Thursday, June 01, 2006

Bean Salad

Hi all:
It’s another hot day in Southern California I’d thought share some more summertime recipes with you. Here’s mine bean salad . Good luck with this recipe.


Bean Salad

List A (Pick 2 from this list)
1 can 15 oz. can garbanzo beans (chickpeas), drained and rinsed
1 can 15 oz. can kidney beans, drained and rinsed
1 can 15 oz. great Northern beans, rinsed, and drained
1 can 15 oz. can black beans, rinsed, and drained
1 can 15 oz. can navy beans, rinsed and drained
1 can 15 oz. can cannelloni beans, drained, rinsed

List B
1 can 14.5 oz. green beans, drained
1 can 14.5 oz. wax beans, drained
1 10 oz. package frozen green peas

List C
¼ cup Balsamic vinaigrette
¼ cup Tarragon vinaigrette
¼ cup Red wine vinaigrette
¼ cup Italian dressing
¼ cup Greek vinaigrette

1. In a large colander add two choices from list A, and one choice from list B.

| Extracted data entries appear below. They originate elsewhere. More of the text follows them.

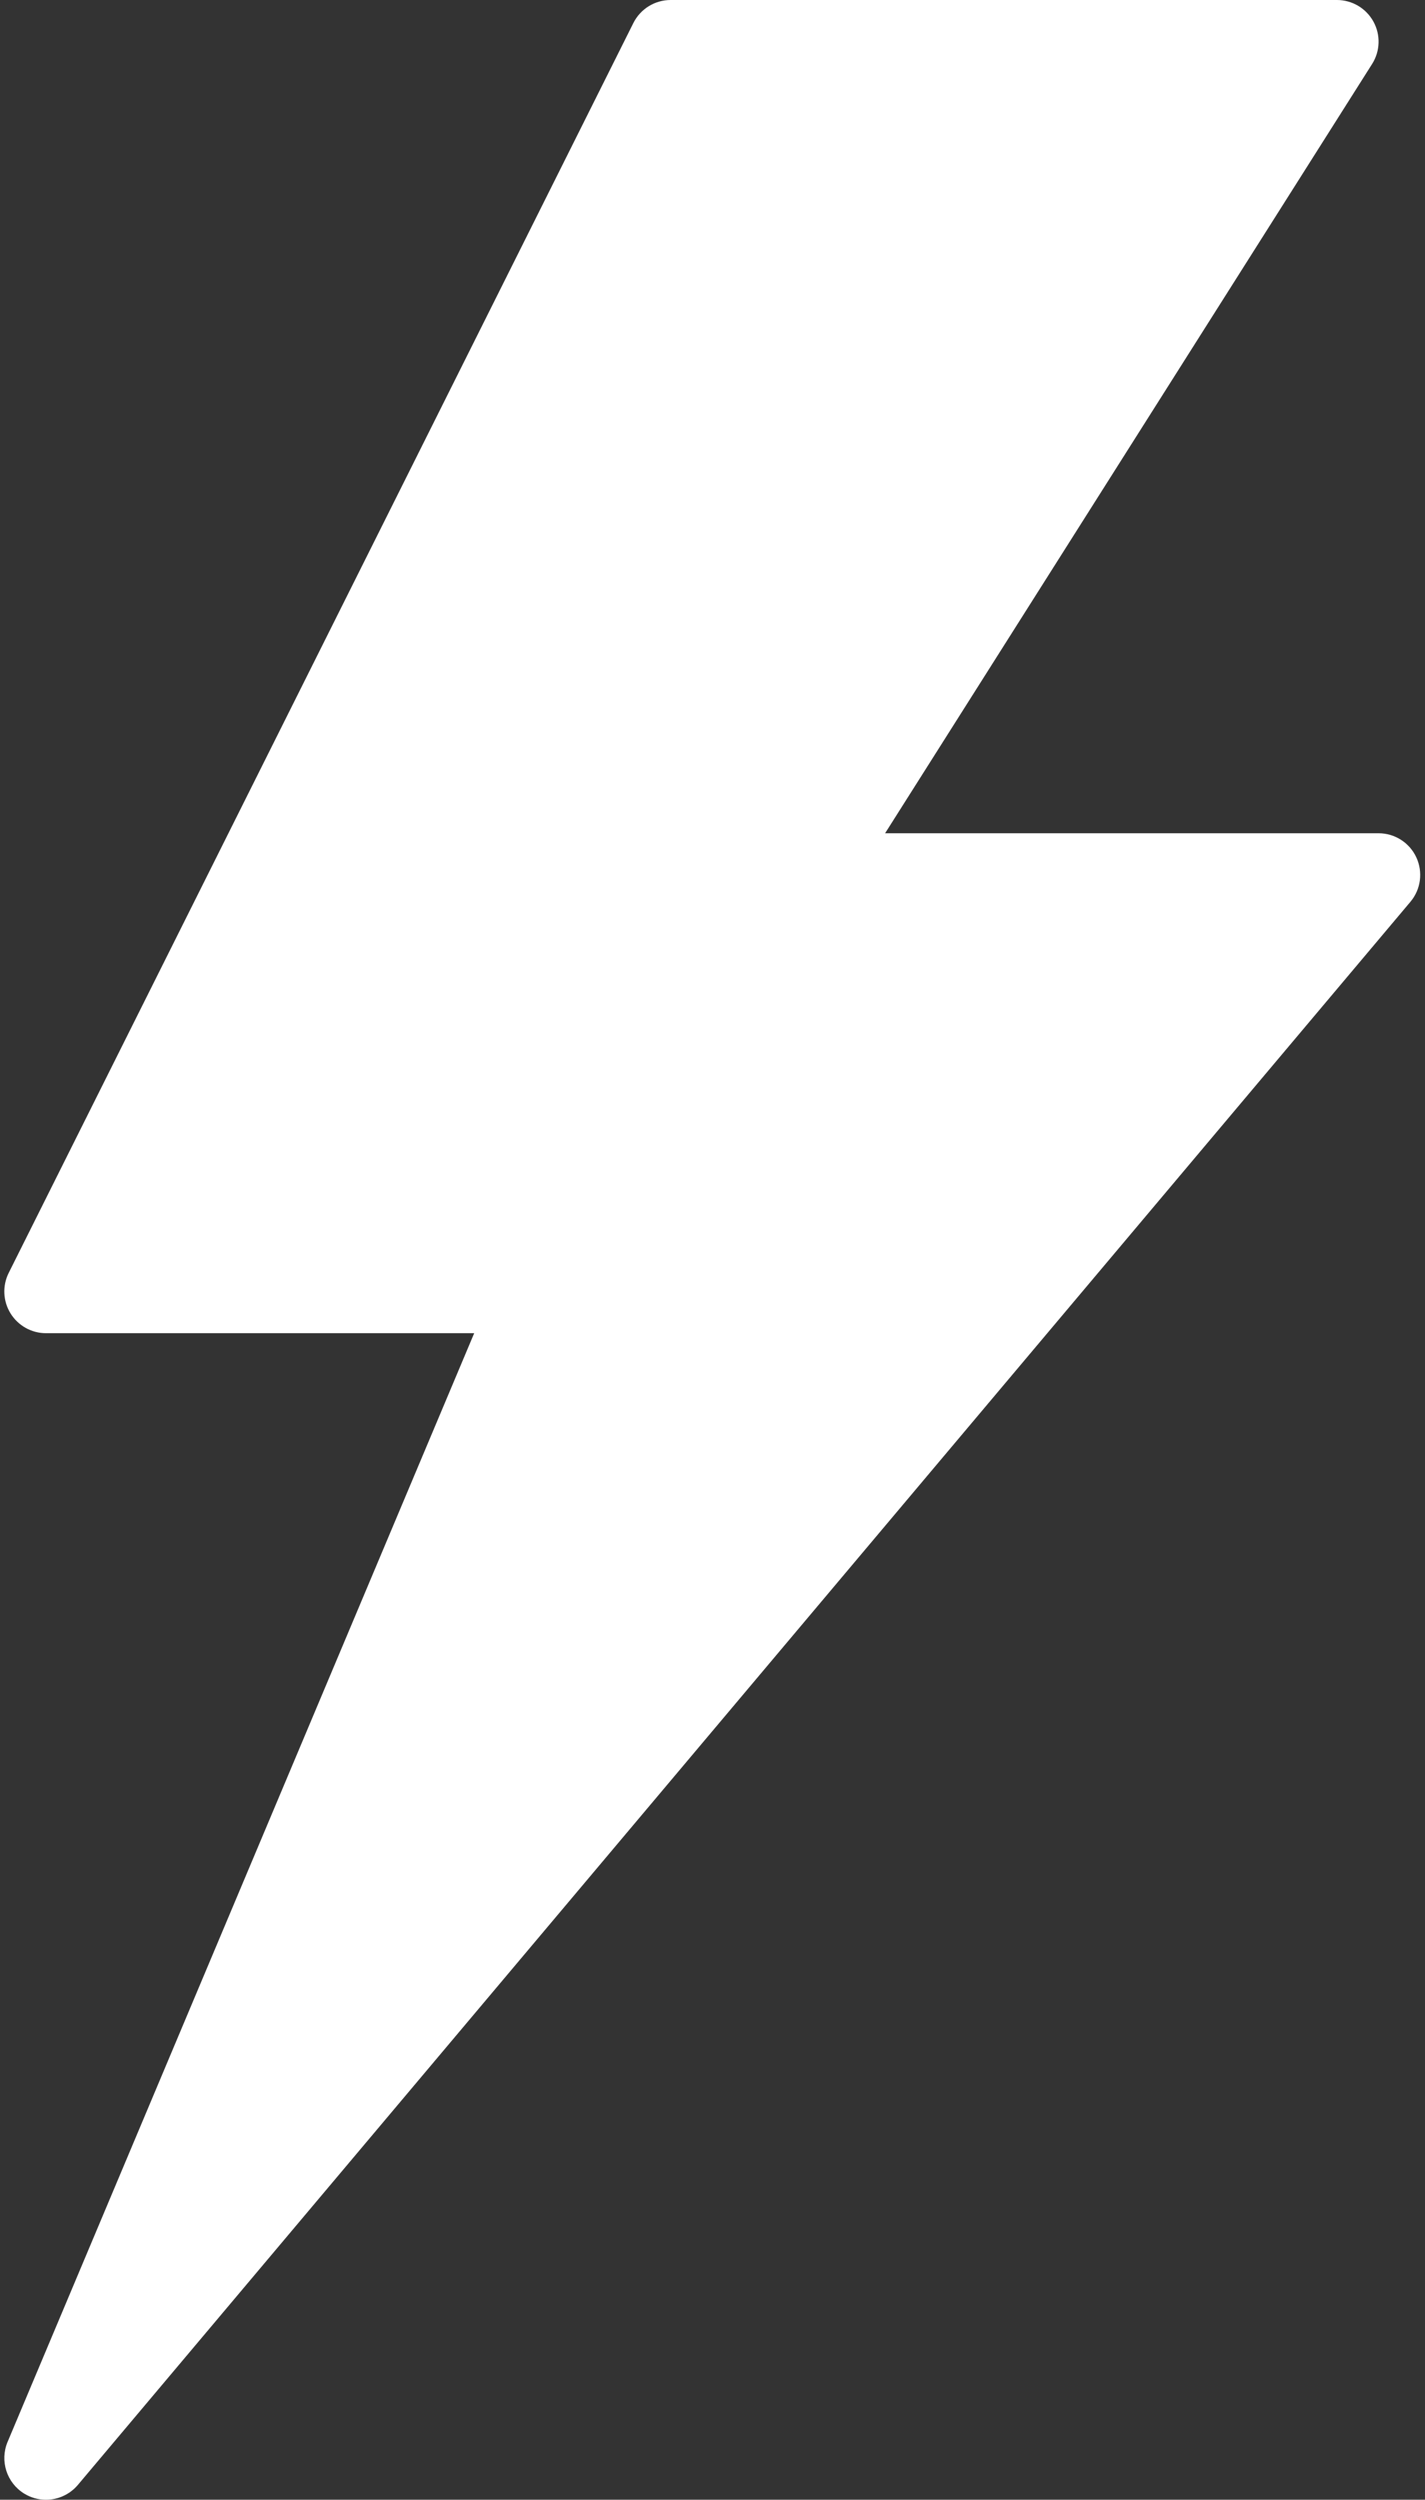 <?xml version="1.0" encoding="UTF-8"?> <svg xmlns="http://www.w3.org/2000/svg" width="292" height="512" viewBox="0 0 292 512" fill="none"><rect x="0" y="0" width="292" height="512" fill="#333333" stroke="none"/> <path d="M290.219 175.599C288.82 172.595 285.807 170.667 282.488 170.667H181.368L281.165 13.099C282.829 10.471 282.931 7.143 281.43 4.421C279.928 1.69 277.06 0 273.954 0H137.421C134.187 0 131.234 1.826 129.784 4.719L1.784 260.719C0.461 263.356 0.606 266.496 2.159 269.013C3.721 271.53 6.46 273.066 9.421 273.066H97.169L1.553 500.155C-0.077 504.038 1.374 508.543 4.966 510.745C6.348 511.59 7.884 511.999 9.412 511.999C11.861 511.999 14.276 510.949 15.949 508.97L289.016 184.703C291.157 182.161 291.618 178.611 290.219 175.599Z" fill="white"></path> </svg> 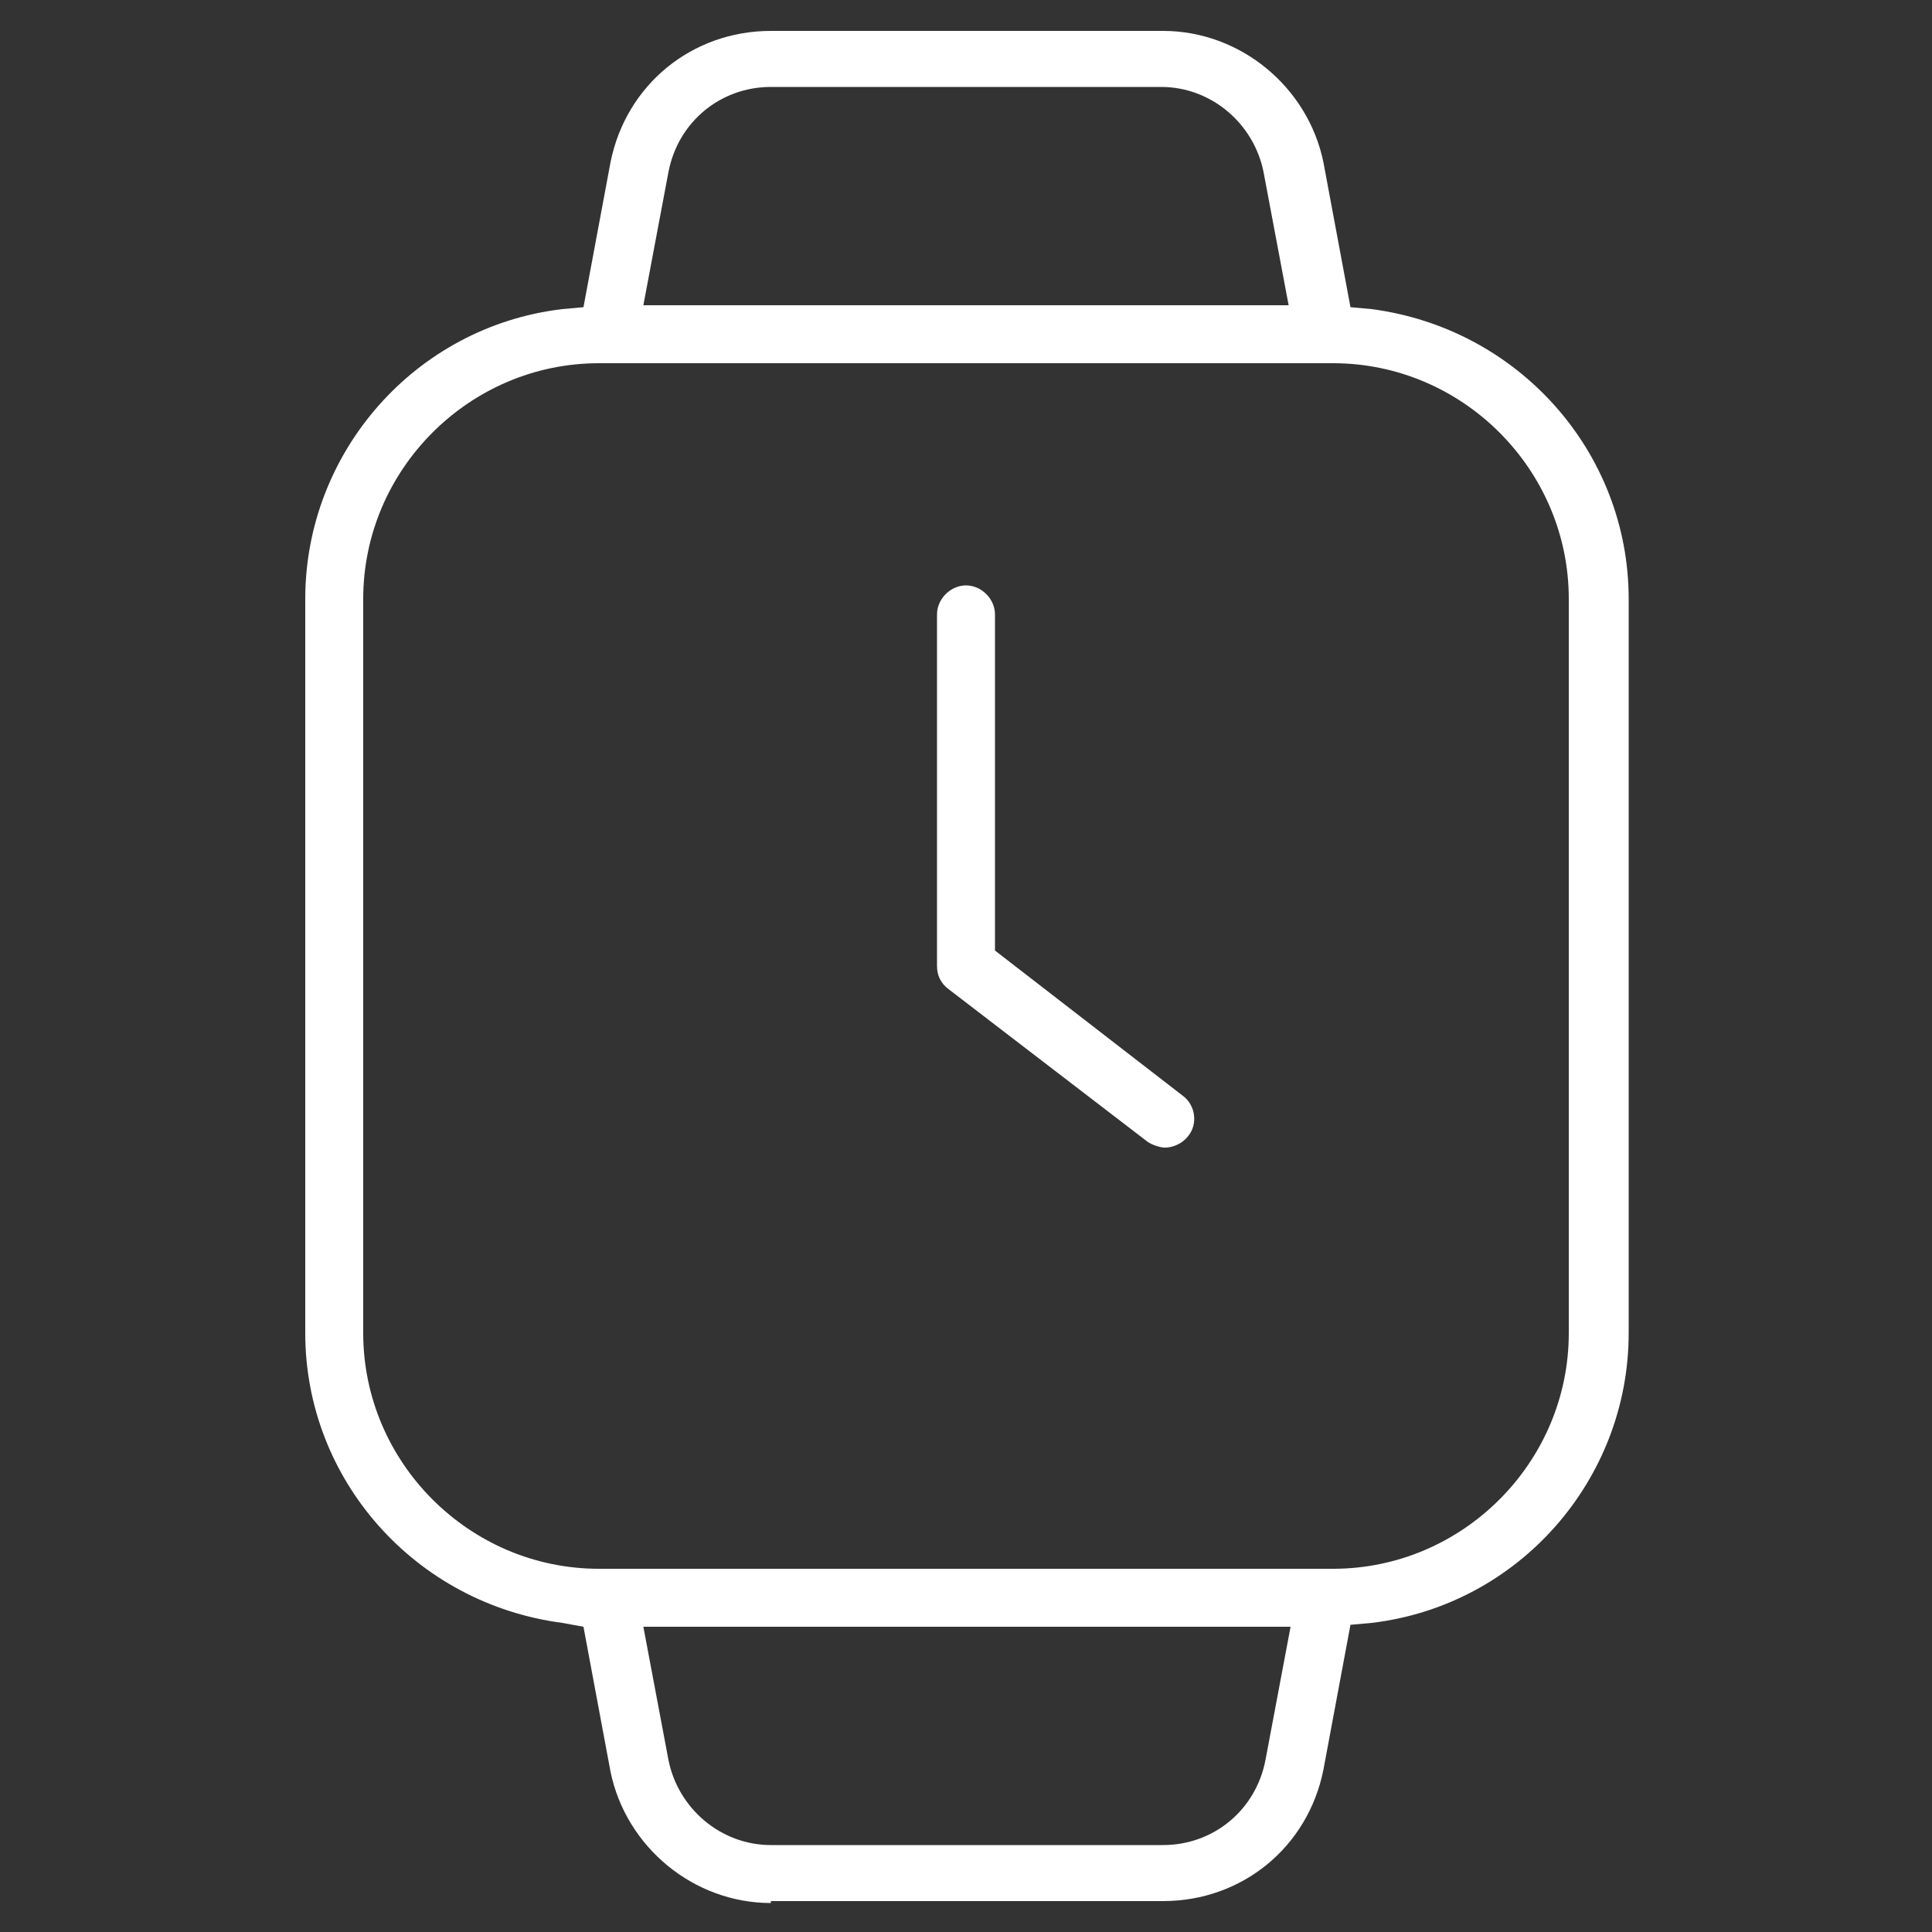<?xml version="1.0" encoding="utf-8"?>
<!-- Generator: Adobe Illustrator 29.6.1, SVG Export Plug-In . SVG Version: 9.03 Build 0)  -->
<svg version="1.0" id="Layer_1" xmlns="http://www.w3.org/2000/svg" xmlns:xlink="http://www.w3.org/1999/xlink" x="0px" y="0px"
	 viewBox="0 0 100 100" style="enable-background:new 0 0 100 100;" xml:space="preserve">
<rect x="0" y="0" width="100" height="100" fill="#333333" stroke="none"/>
<style type="text/css">
	.st0{fill:url(#SVGID_1_);}
	.st1{fill:url(#SVGID_00000093151473412818826860000001545536702200310656_);}
	.st2{fill:url(#SVGID_00000065045358536735321410000005827320754474265275_);}
	.st3{fill:#FFFFFF;}
	.st4{fill-rule:evenodd;clip-rule:evenodd;fill:#FFFFFF;}
</style>
<g>
	<path class="st3" d="M60.3,59.4c-0.2,0-0.6-0.1-0.9-0.3l-10.3-7.9c-0.4-0.3-0.6-0.7-0.6-1.2V31.8c0-0.8,0.7-1.5,1.5-1.5
		s1.5,0.7,1.5,1.5v17.4l9.7,7.5c0.7,0.5,0.8,1.5,0.3,2.1C61.2,59.2,60.7,59.4,60.3,59.4z"/>
	<path class="st3" d="M39.9,98.5c-4,0-7.5-2.9-8.3-6.8l-1.4-7.5L29.1,84c-7.6-1-13.3-7.4-13.3-15V31c0-7.6,5.7-14.1,13.3-15l1.1-0.1
		l1.4-7.5c0.8-4,4.2-6.8,8.3-6.8h20.3c4,0,7.5,2.9,8.3,6.8l1.4,7.5l1.1,0.1c7.6,1,13.3,7.4,13.3,15v38c0,7.6-5.7,14.1-13.3,15
		l-1.1,0.1l-1.4,7.5c-0.8,4-4.2,6.8-8.3,6.8H39.9z M34.6,91.1c0.5,2.5,2.7,4.4,5.3,4.4h20.3c2.6,0,4.8-1.8,5.3-4.4l1.3-6.9H33.3
		L34.6,91.1z M31,18.8c-6.7,0-12.2,5.5-12.2,12.2v38c0,6.7,5.5,12.2,12.2,12.2h38c6.7,0,12.2-5.5,12.2-12.2V31
		c0-6.7-5.5-12.2-12.2-12.2H31z M39.9,4.5c-2.6,0-4.8,1.8-5.3,4.4l-1.3,6.9h33.4l-1.3-6.9c-0.5-2.5-2.7-4.4-5.3-4.4H39.9z"/>
</g>
</svg>

2. Raise the beans under cold water thoroughly.

3. Place beans in a large bowl.

4. Chose one choice from list C and toss with beans in till thoroughly coded.

5. Refrigerate at least 4 hours at least four hour so the flavors can become one.

Warning: I have not tried all the combination. I have tried many of the combination and they all have worked.

PS ~ Next recipes will be post on Thursday.